The big picture: Science has never moved this fast to develop a vaccine. And researchers are still several months away from a clearer idea of whether the leading candidates help people generate robust immune responses to this virus.
Driving the news: The Oxford and CanSino vaccines didn't lead to any severe adverse reactions or hospitalizations, according to the results released yesterday.
- Safety — not efficacy — was the main thing these studies were supposed to be testing. And they performed well enough to move on to further trials.
- Competing candidates from Moderna and Pfizer/BioNTech have also performed well in safety trials.
Yes, but: Future trials will be the ones that tell us whether any of these potential vaccines actually trigger patients' immune systems to respond to the virus.
- In the results released yesterday, Oxford researchers gave their vaccine to 543 people but only tested 35 for "neutralizing antibodies." A separate, nonrandomized group of 10 people got a booster dose of the Oxford vaccine a month after the initial dose.
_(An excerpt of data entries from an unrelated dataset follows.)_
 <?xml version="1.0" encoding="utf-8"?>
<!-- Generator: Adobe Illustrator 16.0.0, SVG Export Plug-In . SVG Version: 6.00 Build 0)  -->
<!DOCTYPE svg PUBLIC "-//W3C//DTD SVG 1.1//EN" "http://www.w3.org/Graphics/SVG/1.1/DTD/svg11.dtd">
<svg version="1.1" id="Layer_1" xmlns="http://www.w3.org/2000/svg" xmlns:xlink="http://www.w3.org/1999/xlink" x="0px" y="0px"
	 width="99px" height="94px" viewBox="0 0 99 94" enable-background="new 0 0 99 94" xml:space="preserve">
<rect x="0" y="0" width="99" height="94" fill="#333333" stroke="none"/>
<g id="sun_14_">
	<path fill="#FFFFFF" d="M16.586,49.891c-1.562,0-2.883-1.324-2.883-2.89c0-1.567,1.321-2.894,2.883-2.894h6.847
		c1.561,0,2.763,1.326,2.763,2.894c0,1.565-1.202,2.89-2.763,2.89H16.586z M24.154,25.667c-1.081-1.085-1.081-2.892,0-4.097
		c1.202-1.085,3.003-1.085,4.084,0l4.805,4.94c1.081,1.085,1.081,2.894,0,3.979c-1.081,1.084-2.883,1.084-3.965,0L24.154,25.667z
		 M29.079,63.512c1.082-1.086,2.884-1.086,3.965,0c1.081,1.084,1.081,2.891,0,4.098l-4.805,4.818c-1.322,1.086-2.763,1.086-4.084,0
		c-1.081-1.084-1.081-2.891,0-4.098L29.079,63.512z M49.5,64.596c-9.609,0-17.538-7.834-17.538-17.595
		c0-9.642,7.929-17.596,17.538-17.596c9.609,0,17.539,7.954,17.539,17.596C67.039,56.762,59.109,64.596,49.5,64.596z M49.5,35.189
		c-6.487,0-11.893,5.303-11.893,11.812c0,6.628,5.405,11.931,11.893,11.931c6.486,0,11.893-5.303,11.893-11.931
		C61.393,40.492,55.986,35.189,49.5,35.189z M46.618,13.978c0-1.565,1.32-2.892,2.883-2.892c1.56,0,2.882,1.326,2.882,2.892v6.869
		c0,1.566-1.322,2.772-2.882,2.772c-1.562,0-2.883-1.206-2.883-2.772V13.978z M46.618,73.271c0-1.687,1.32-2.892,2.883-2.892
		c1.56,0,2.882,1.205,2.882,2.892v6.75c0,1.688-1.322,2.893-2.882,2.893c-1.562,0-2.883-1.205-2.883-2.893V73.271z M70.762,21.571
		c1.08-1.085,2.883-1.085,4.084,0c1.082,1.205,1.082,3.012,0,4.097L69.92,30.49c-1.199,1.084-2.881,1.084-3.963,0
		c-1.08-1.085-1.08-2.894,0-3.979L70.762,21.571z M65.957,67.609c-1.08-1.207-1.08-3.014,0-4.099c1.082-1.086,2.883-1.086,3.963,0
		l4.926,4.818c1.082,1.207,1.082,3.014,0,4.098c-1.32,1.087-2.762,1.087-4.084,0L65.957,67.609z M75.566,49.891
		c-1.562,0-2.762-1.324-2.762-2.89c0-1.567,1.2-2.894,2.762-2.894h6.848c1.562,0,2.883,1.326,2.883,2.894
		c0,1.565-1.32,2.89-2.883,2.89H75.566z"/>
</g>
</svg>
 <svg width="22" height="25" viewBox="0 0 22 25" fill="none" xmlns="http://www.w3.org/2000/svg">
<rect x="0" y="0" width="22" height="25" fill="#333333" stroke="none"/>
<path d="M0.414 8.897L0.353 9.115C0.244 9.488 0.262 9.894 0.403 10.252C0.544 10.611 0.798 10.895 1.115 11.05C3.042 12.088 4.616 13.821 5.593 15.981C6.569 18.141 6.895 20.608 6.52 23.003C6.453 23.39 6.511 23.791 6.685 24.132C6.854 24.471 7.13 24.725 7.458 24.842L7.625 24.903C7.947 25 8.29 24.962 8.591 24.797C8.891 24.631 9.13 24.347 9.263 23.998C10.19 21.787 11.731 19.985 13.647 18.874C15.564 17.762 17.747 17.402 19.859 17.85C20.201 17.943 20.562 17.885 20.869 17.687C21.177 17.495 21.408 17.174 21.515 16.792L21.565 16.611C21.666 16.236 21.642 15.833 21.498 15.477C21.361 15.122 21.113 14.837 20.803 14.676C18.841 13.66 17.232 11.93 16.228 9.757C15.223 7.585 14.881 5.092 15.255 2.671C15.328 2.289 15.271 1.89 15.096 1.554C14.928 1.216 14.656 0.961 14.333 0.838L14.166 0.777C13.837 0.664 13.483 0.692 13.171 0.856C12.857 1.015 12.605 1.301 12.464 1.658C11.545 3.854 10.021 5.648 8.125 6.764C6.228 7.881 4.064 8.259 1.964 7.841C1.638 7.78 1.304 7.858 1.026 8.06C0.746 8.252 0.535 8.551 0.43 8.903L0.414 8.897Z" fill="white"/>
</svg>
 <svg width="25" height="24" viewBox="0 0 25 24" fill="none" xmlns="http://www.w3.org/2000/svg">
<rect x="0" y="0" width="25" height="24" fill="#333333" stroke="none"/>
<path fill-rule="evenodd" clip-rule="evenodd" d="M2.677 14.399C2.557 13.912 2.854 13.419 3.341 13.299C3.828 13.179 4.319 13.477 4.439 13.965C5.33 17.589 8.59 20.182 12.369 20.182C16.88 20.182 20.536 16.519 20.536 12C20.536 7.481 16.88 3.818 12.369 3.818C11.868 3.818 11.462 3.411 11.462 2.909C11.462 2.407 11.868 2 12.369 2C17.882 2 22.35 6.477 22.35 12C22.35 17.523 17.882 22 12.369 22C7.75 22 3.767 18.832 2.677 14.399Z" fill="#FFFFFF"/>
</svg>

- Preliminary antibody responses from CanSino's vaccine were "disappointing" to several experts.
"It's a lot of hype," said Paul Offit, a physician and vaccine expert at Children's Hospital of Philadelphia. "It's just trying to read the tea leaves of what will be a large phase three trial."
The bottom line: There are 23 coronavirus vaccines in clinical testing right now, according to the World Health Organization.
- We now have data on the first four, but the studies mostly are confirming that the vaccines aren't severely harmful and that large-scale studies are warranted — not that they definitely work yet.
- "It is good and hopeful news indeed, but we'll only know when the large trials are done," tweeted Robert Califf, a former FDA commissioner under Barack Obama.